» Work to be completed
Everything in the entries below must be reproduced exactly, except the images.
.....
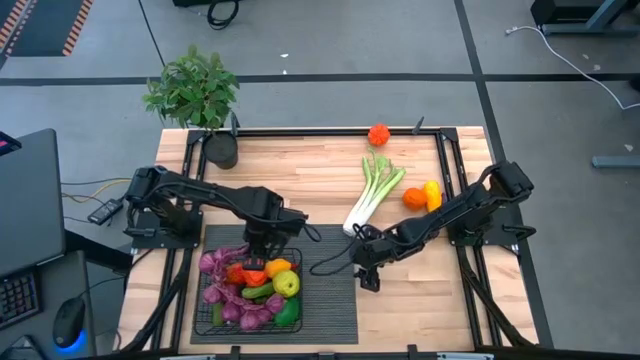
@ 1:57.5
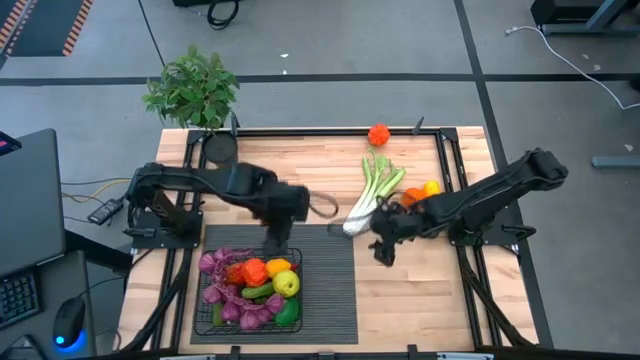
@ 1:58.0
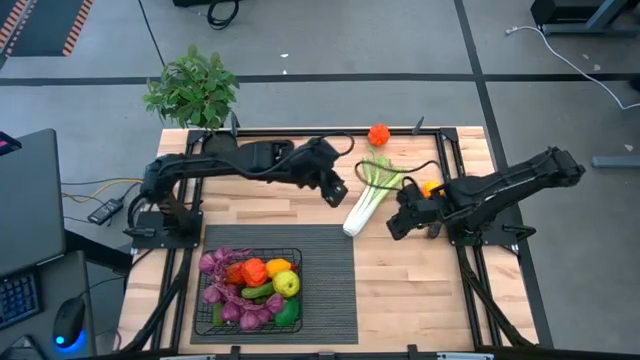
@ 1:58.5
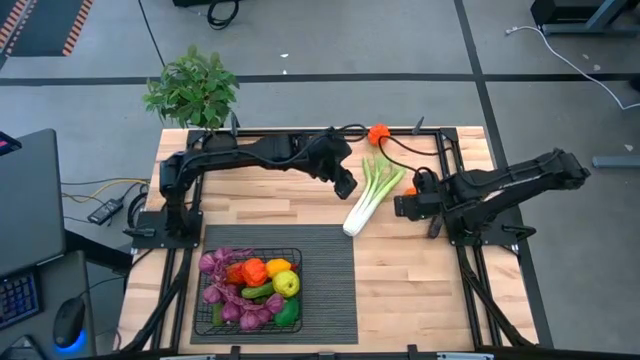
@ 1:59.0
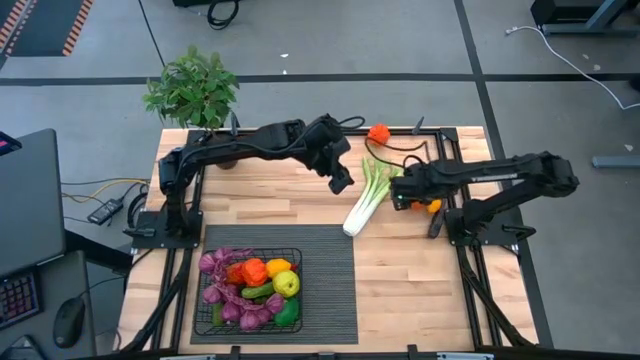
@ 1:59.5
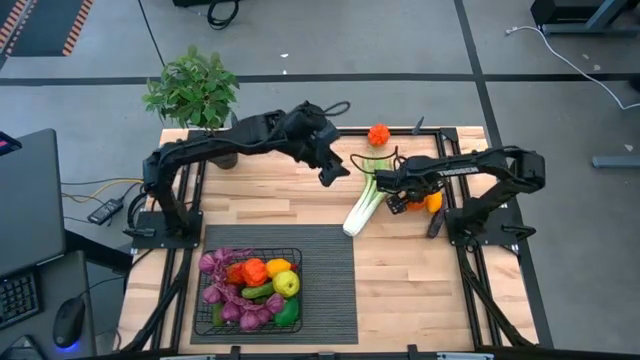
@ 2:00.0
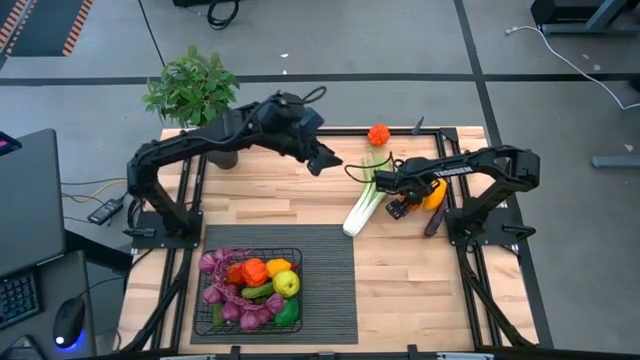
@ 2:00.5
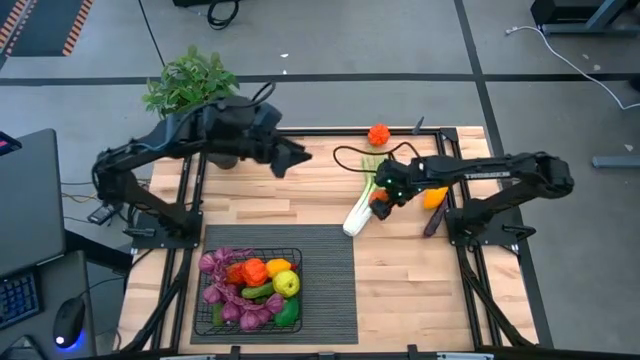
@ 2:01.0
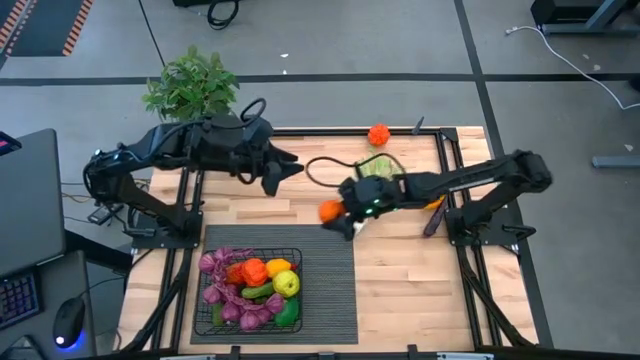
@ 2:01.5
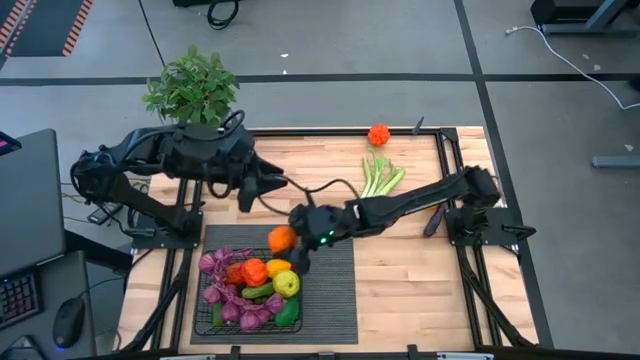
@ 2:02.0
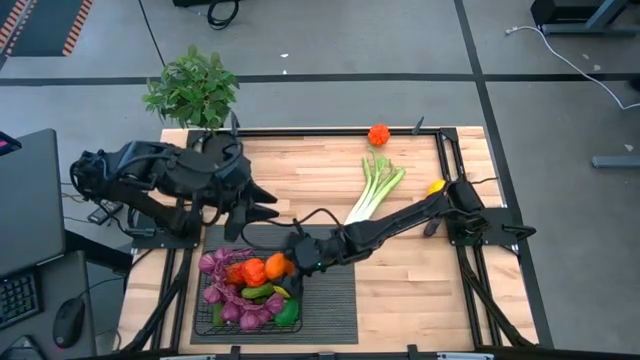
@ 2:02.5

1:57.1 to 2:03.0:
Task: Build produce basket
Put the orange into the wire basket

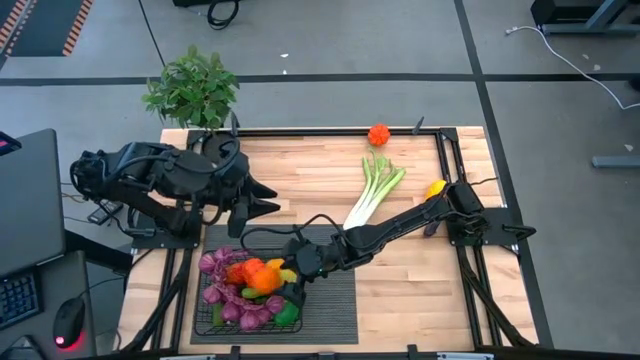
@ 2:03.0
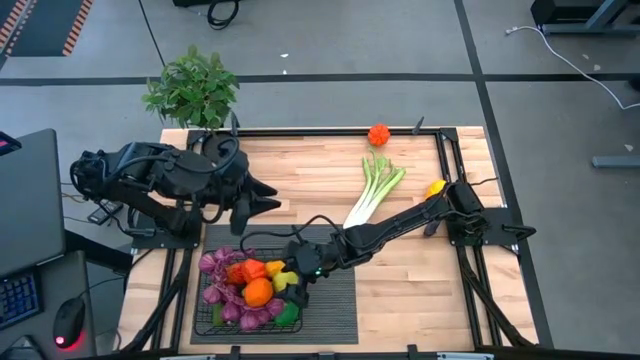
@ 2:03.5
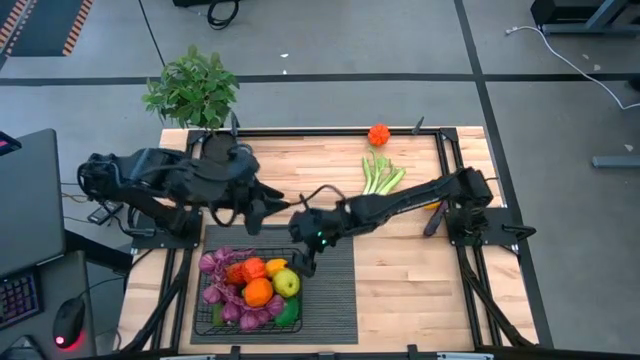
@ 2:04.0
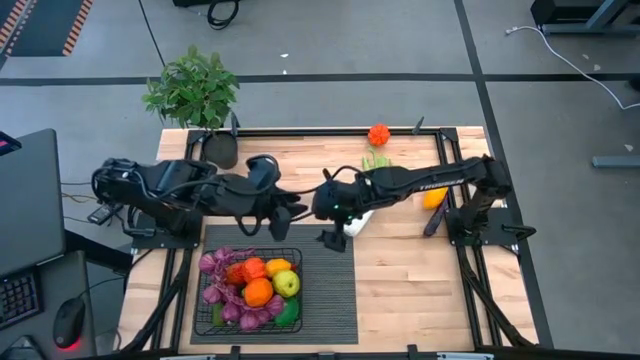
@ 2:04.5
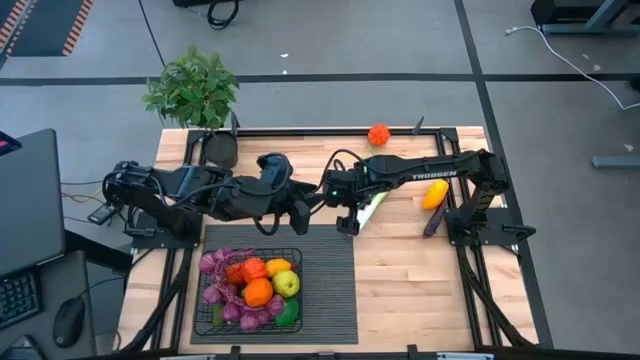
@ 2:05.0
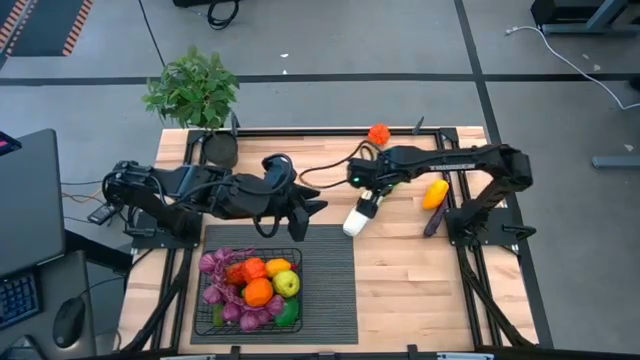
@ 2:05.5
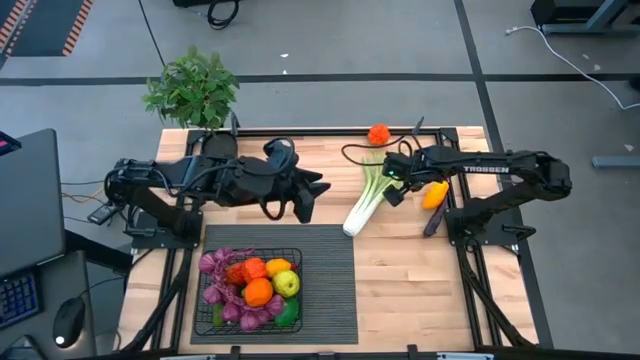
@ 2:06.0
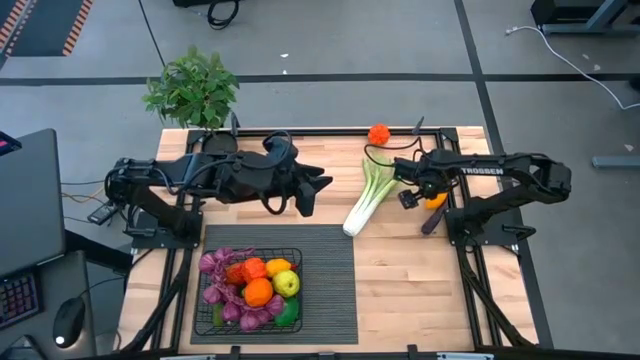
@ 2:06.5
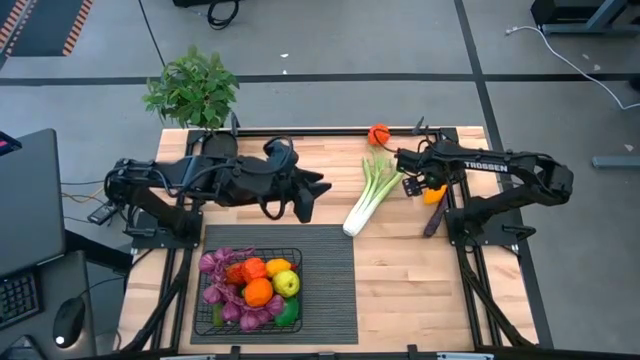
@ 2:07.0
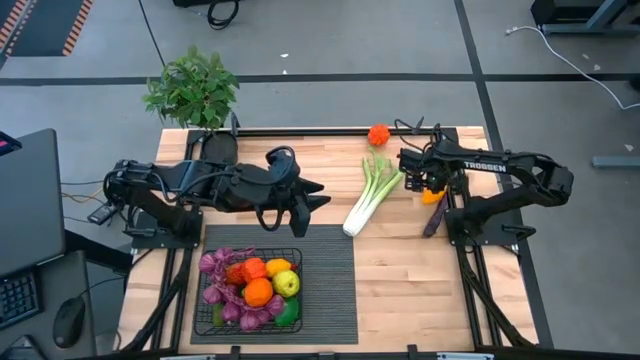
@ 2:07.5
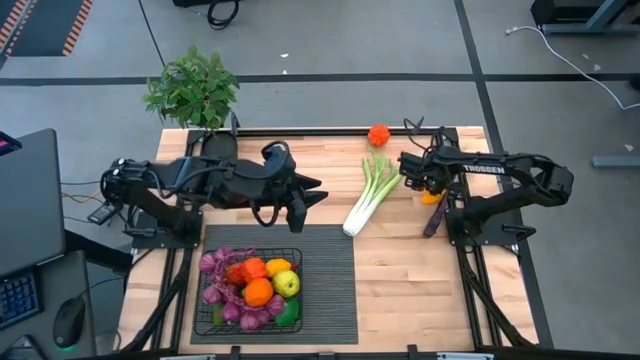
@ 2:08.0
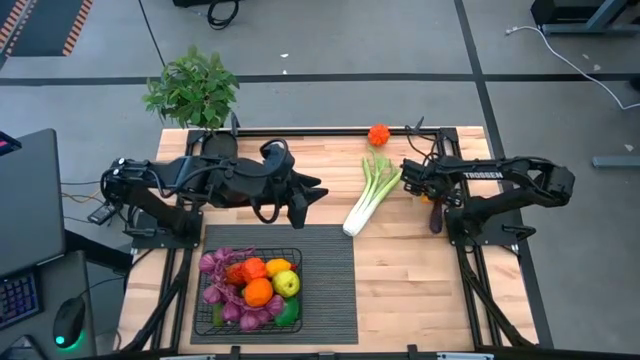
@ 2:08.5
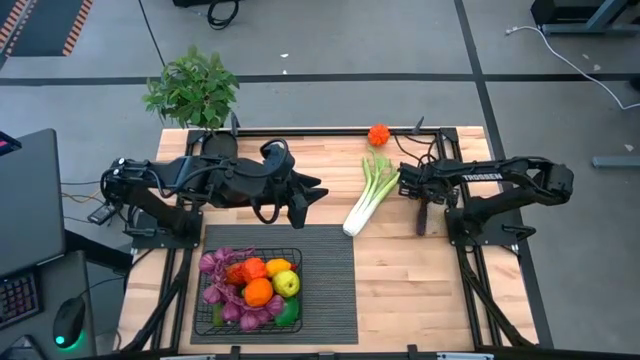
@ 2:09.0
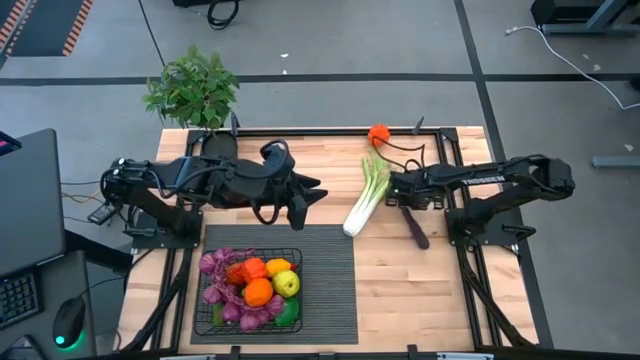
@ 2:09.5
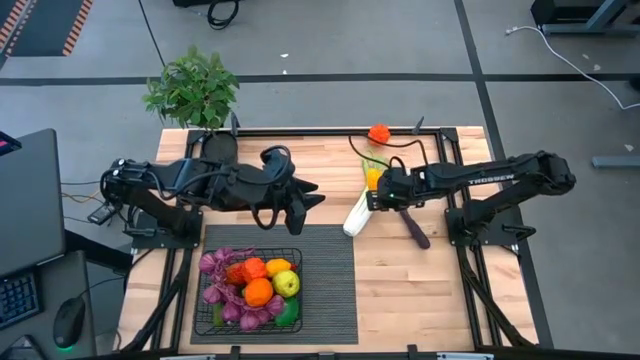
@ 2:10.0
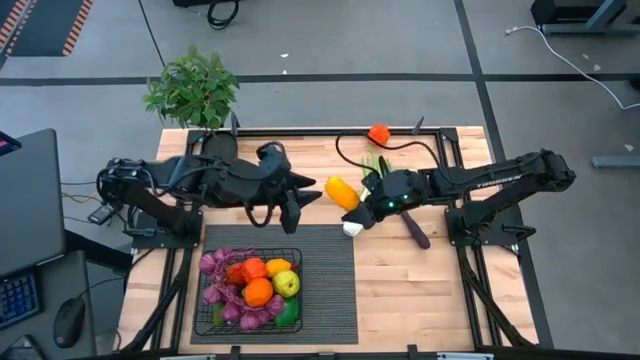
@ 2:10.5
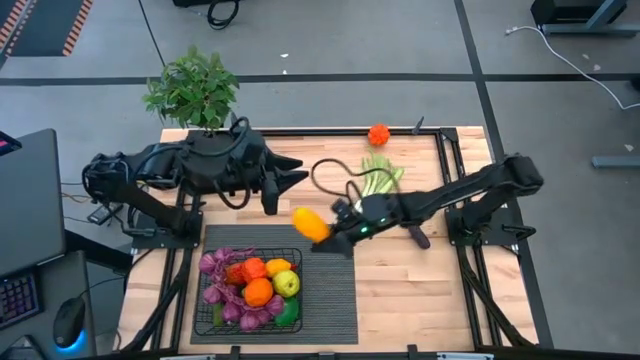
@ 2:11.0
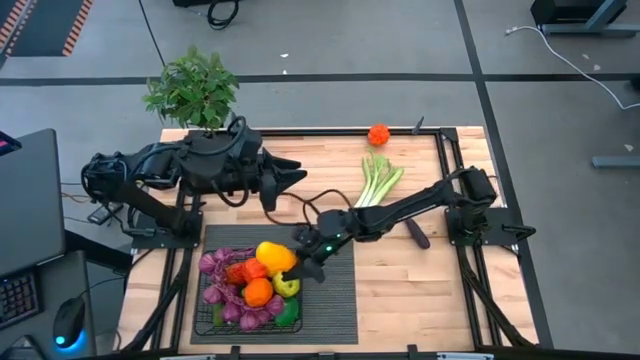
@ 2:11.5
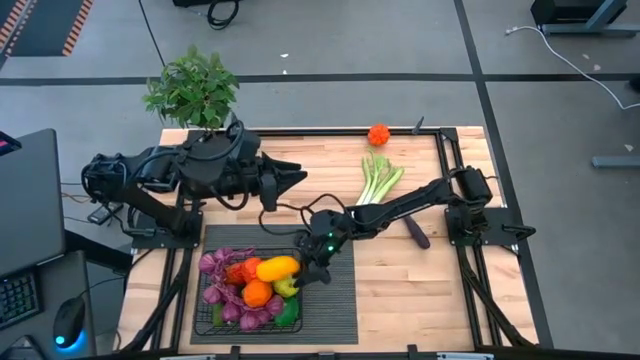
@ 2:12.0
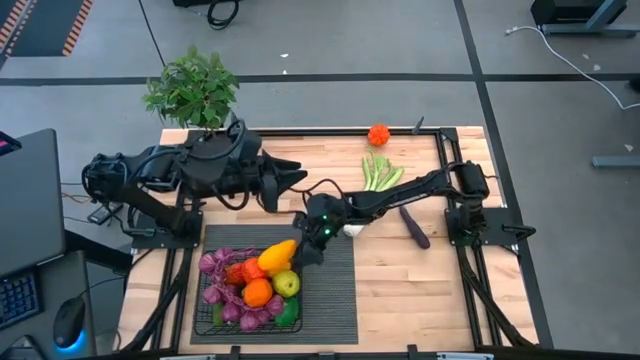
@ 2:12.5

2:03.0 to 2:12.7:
.....
» Output
@ 1:57.5
@ 1:58.0
@ 1:58.5
@ 1:59.0
@ 1:59.5
@ 2:00.0
@ 2:00.5
@ 2:01.0
@ 2:01.5
@ 2:02.0
@ 2:02.5

1:57.1 to 2:03.0:
Task: Build produce basket
Put the orange into the wire basket

@ 2:03.0
@ 2:03.5
@ 2:04.0
@ 2:04.5
@ 2:05.0
@ 2:05.5
@ 2:06.0
@ 2:06.5
@ 2:07.0
@ 2:07.5
@ 2:08.0
@ 2:08.5
@ 2:09.0
@ 2:09.5
@ 2:10.0
@ 2:10.5
@ 2:11.0
@ 2:11.5
@ 2:12.0
@ 2:12.5

2:03.0 to 2:12.7:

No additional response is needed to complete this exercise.